Right now, plastics use about 6 percent of the world's oil. But with more and more plastics in our lives, it's going to be 20 percent of world oil consumption by 2050.
That's according to a January study, The New Plastics Economy, from the World Economic Forum. This is the study that got headlines for saying that by 2050, there will be more plastics than fish in the ocean, measured by weight.
2050 is a long time away and you wonder about projections that far out.
But that 20 percent figure seems reasonable, given that plastics manufacturing has grown exponentially, from 15 million metric tons globally in the 1960s to just over 300 million tonnes now, and shows no signs of slowing down.
Right now, the industry argues that because plastics are a very small part of oil consumption, they're not a big contributor to gobbling up non-renewable resources or to increasing carbon footprints.
I heard those arguments a lot when I lived in China and covered the Asian industry. They were made again at this year's Asia Plastics Forum, held in late January in Bangladesh.
The head of the Malaysian Plastics Forum argued that plastics help the environment by making other things more energy efficient by, for example, making cars and commercial airliners lighter so they use less fuel.
It's a good point. WEF agrees: it says that plastics “can bring resource efficiency gains during use.”

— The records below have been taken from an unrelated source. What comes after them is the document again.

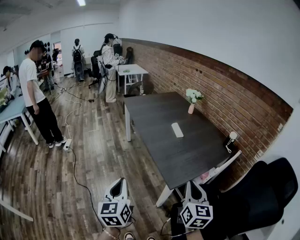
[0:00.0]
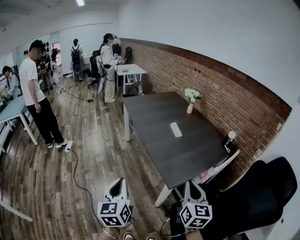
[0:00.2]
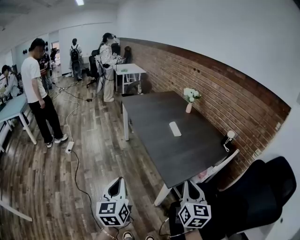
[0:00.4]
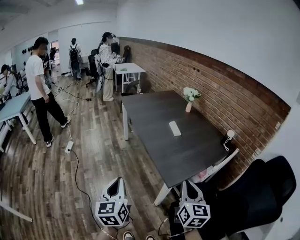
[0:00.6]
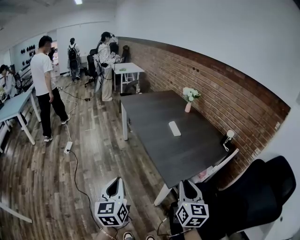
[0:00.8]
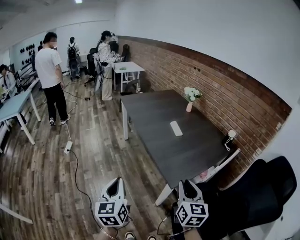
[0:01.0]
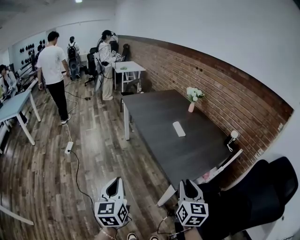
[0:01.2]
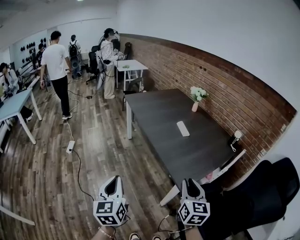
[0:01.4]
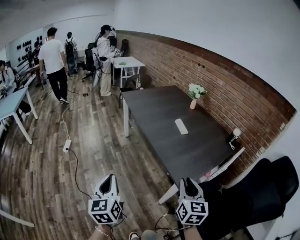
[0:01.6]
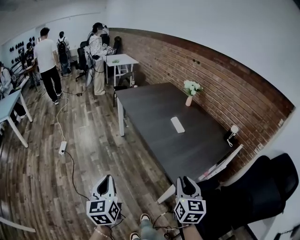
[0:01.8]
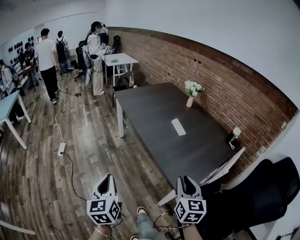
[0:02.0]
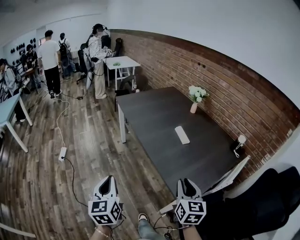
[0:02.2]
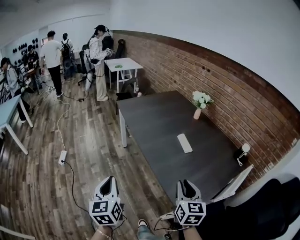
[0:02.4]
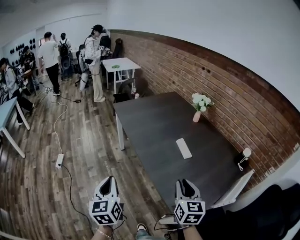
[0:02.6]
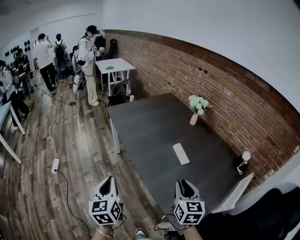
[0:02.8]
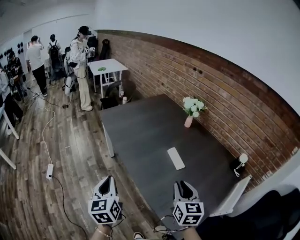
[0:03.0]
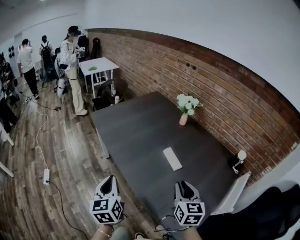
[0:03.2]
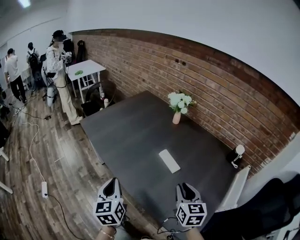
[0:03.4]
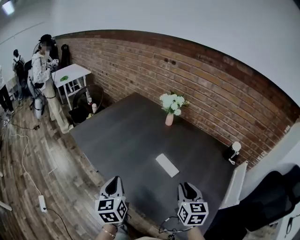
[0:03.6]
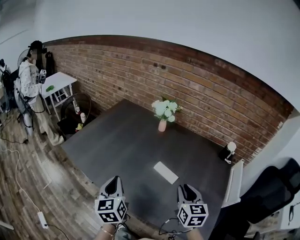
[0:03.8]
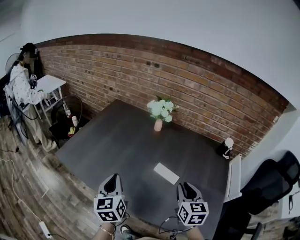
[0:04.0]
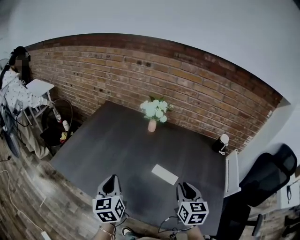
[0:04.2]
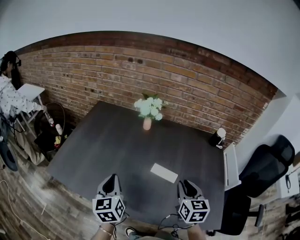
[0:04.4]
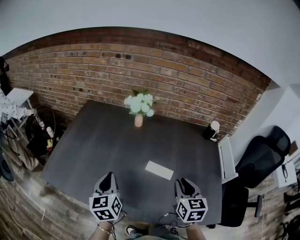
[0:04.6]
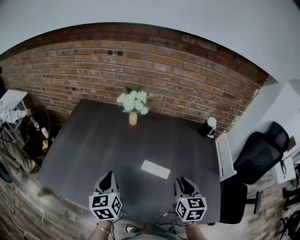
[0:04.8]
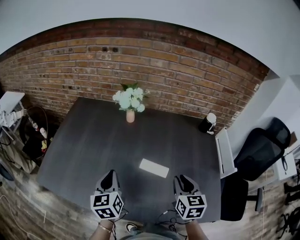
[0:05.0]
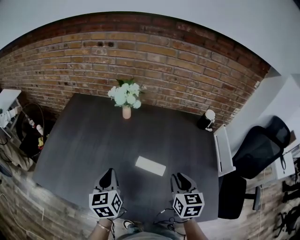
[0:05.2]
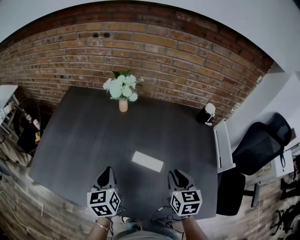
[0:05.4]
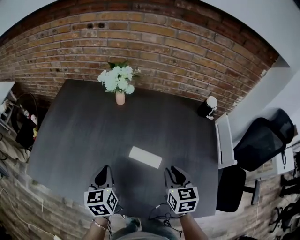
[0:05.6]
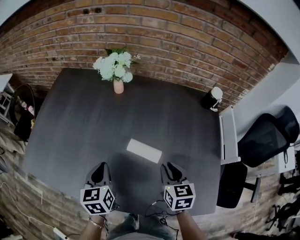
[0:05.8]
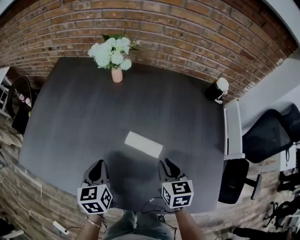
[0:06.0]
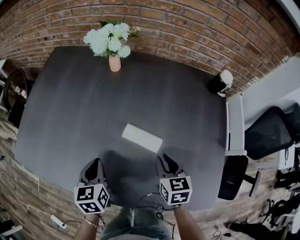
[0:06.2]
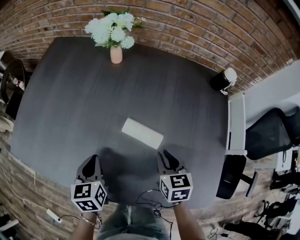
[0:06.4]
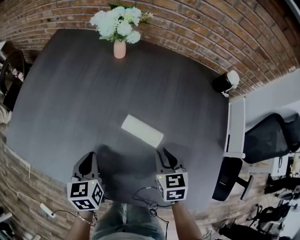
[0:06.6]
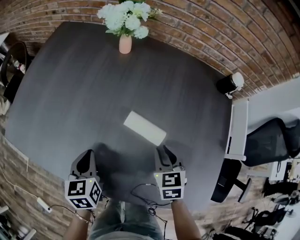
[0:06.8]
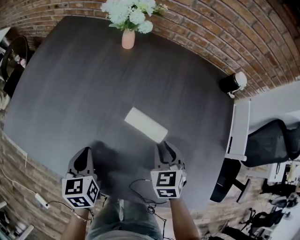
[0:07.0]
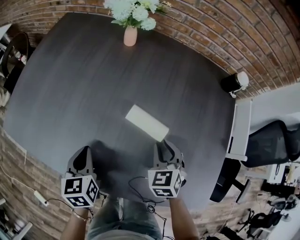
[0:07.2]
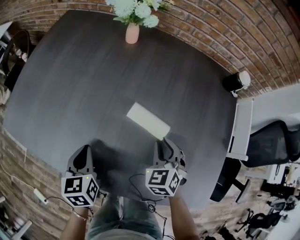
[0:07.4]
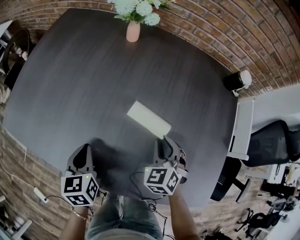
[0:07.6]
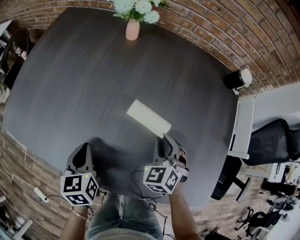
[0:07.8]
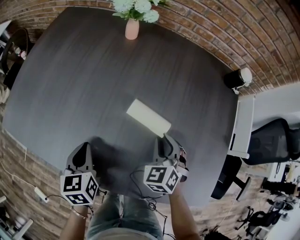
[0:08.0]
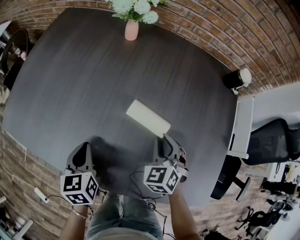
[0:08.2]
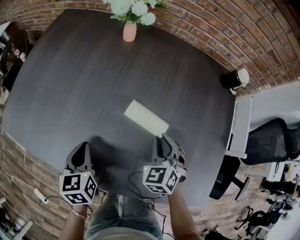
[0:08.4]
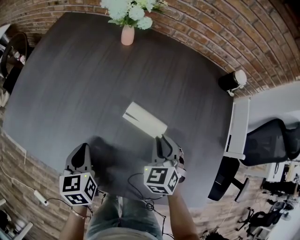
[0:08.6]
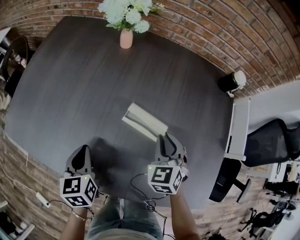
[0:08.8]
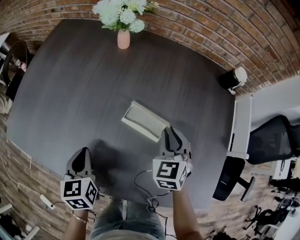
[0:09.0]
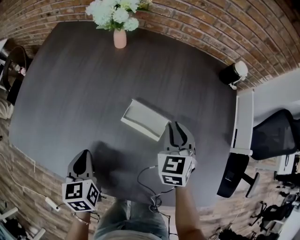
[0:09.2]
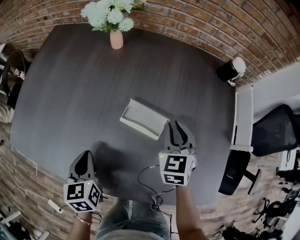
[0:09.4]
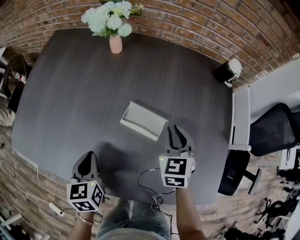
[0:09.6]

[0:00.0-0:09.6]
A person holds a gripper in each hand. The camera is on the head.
0:00.0 to 0:01.6: The left gripper shifts roughly 15 cm to the left and forward. The right gripper shifts roughly 10 cm to the left, and opens up.
0:01.6 to 0:03.2: Both grippers travel together forward, approximately 40 cm.
0:03.2 to 0:04.8: The right gripper ends up approximately 15 cm from where it was, and changes its angle by approximately 40 degrees; the left gripper changes place by roughly 35 cm, and rotates approximately 40 degrees.
0:04.8 to 0:06.4: The two grippers go roughly 15 cm downward. The left gripper changes its angle by some 20 degrees.
0:06.4 to 0:08.0: The right gripper twists approximately 40 degrees counterclockwise, seen from behind.
0:08.0 to 0:09.6: The right gripper shifts about 10 cm upward and to the right, and turns by about 30 degrees.

But WEF also argues that because global plastics use will triple by 2050 (to something close to 1 billion tonnes a year) a lot more will need to be done to reduce the impact from its production and disposal.
Plastics, WEF said, will make up 15 percent of the world's annual carbon budget by 2050.
The report says that is “the budget that must be adhered to in order to achieve the internationally accepted goal to remain below a 2° C increase in global warming.”
So the arguments that plastics are a small (4-8 percent) link in the fossil fuel chain will become less and less true.
Plastics as a material will face more scrutiny from governments, NGOs and consumers than it faces even today, in what seems like a heavily scrutinized era.
Right now, the average U.S. resident buys products with about 110 kilograms of plastic a year. In India, it's 10 kg, in China its 45 kg and in Brazil it's a little more than 30 kg.
As that gap closes between developed and developing countries, it's easy to see why plastics production will triple globally.
It's also easy to see the public health problems caused by overburdened waste management systems in India that can't handle that growth.
It's not just developing economies. California is pushing the industry to cut packaging waste in half by 2020 on the way to recycling 75 percent of the state's overall waste stream.
Personally, I think the industry in the U.S. should stop fighting plastic bag fees and endorse proactive recycling policies like bottle bills.
I'm repeating a point I've made before, but if the success of plastics means it's going to hit 1 billion tons of production by 2050 and be a much larger part of our fossil fuel consumption — in the neighborhood of 15 percent of the world's carbon budget — industry needs to be more proactive.